For advisors who can successfully apply absolute return strategies and institutional portfolio construction techniques, there are a number of interesting potential client applications. For example, foundations, by rule, must pay out a specified percentage of their value every year. Likewise, endowments pay out a certain amount each year for an educational institution to meet set expenses. Given the predictable spending patterns of these institutions, both have increasingly adopted absolute return strategies in an effort to smooth returns. One can easily see then the application of these strategies for retirement income, where investors need a predictable stream of income to meet their retirement needs.
However, the challenge with change in strategy remains implementation. As portfolio construction techniques grow more complex, advisors need assistance and education in how to apply them to their client base. This challenge can be especially steep as they attempt to build bespoke portfolios for hundreds of clients, each with unique needs. Advisor Perspectives readers named access to research specialists and additional training as the factors that would help make portfolio construction easier. Herein lies an opportunity for product manufacturers, broker/dealers, and other service providers. Pre-crisis, some large wirehouses had research specialists who worked with advisors to design portfolios that included complex investment vehicles. However, these specialists worked only with high-end advisors and their wealthiest clients. As interest in alternative asset classes grow, advisors can benefit from greater use of professionals with similar experience.

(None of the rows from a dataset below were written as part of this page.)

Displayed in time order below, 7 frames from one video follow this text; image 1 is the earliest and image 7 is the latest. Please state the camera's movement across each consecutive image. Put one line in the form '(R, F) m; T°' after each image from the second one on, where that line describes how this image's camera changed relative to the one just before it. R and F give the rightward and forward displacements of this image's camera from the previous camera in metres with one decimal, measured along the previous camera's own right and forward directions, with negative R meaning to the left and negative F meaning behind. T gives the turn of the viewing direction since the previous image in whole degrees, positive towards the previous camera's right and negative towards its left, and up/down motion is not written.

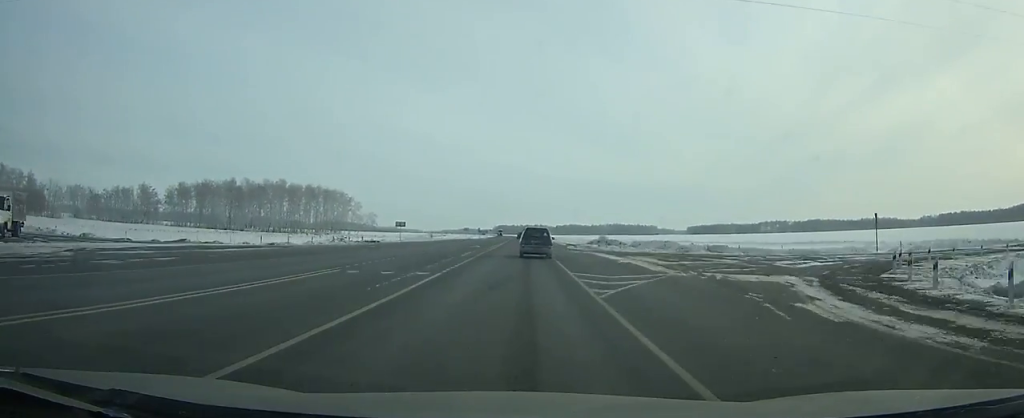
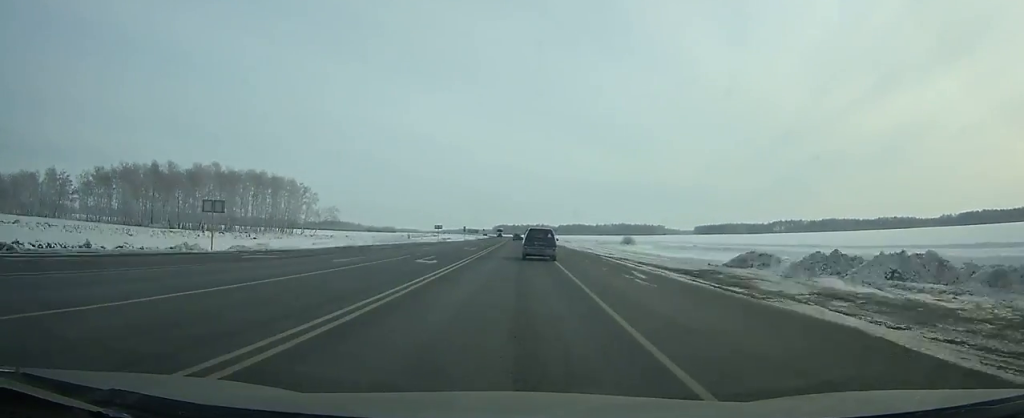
(0.0, +51.2) m; 0°
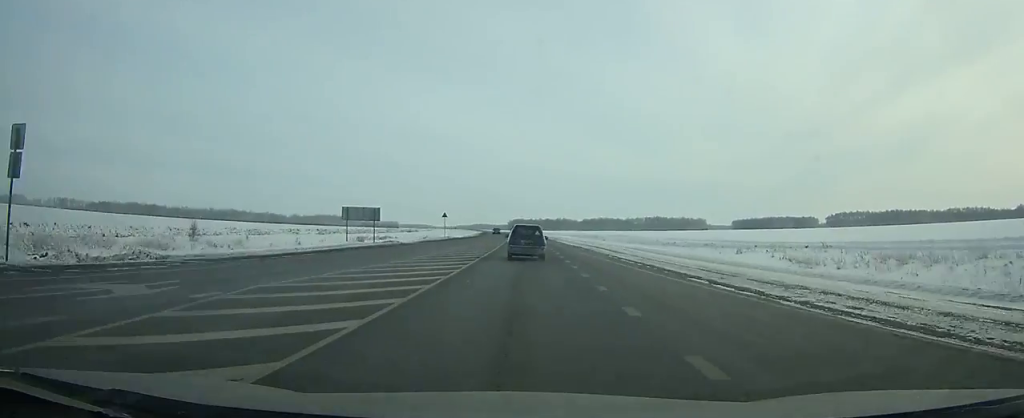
(-1.4, +142.5) m; -1°
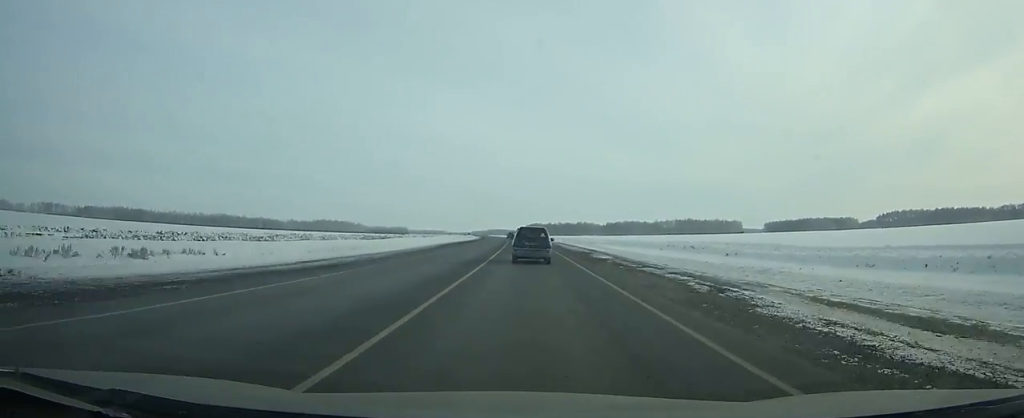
(-1.0, +84.1) m; -2°
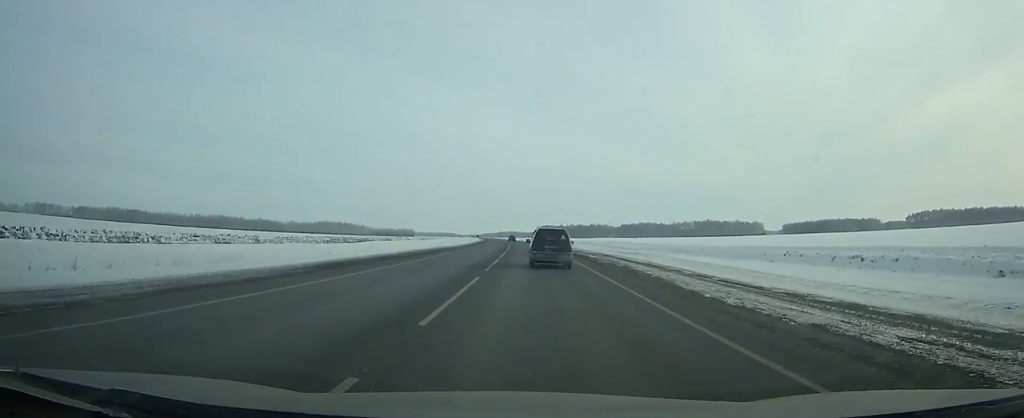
(-0.3, +39.8) m; -1°
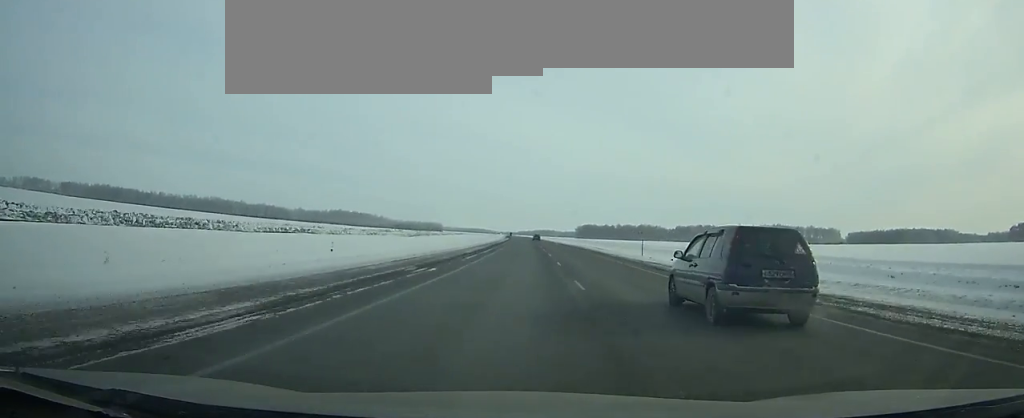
(-3.0, +109.8) m; -2°
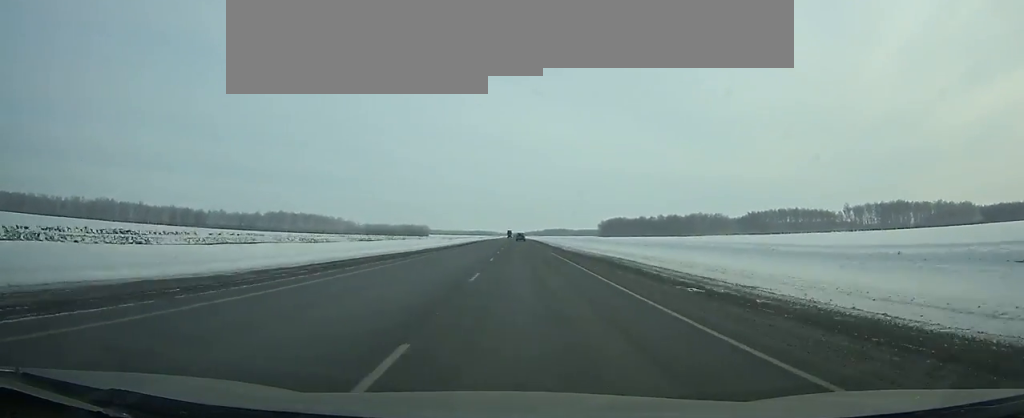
(-1.6, +211.9) m; -1°

Content experts don’t necessarily need to be broker/dealer- or custodian-supplied either. As noted above, advisors are also seeking training and education around portfolio construction. Better than half of respondents named training and education as an important factor in choosing an alternatives manager. However, prospective managers should note that training ranks ahead of wholesaler support. If a manager is supplying training, it should not be a thinly veiled product pitch, but rather concrete examples of how a specific asset class or strategy can create better client outcomes.

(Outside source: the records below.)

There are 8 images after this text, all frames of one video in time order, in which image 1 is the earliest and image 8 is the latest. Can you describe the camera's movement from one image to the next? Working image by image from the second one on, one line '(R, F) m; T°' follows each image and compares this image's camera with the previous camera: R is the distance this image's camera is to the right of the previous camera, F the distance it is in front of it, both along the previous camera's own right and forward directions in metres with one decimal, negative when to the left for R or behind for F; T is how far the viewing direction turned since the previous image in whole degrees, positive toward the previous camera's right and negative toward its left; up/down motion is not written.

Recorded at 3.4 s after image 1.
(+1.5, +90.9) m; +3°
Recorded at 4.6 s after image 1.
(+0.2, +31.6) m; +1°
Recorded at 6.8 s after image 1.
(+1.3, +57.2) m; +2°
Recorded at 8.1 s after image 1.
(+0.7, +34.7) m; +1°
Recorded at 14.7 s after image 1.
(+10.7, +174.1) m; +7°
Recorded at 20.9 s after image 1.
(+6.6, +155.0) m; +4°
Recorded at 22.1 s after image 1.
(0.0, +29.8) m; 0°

Investors and advisors are clearly demanding new methods for reducing risk in portfolios. However, implementing those methods comes with added complexity and risk, if done incorrectly. Education will continue to play a major role in adoption of these strategies. Advisors are open to training on the topics, but that must be geared to client solutions and ultimately improving the client experience.
Bing Waldert is a Director at Cerulli Associates, responsible for intermediary distribution initiatives, focusing on distribution and strategic positioning within intermediary channels. Bing has more than ten years of financial services industry experience.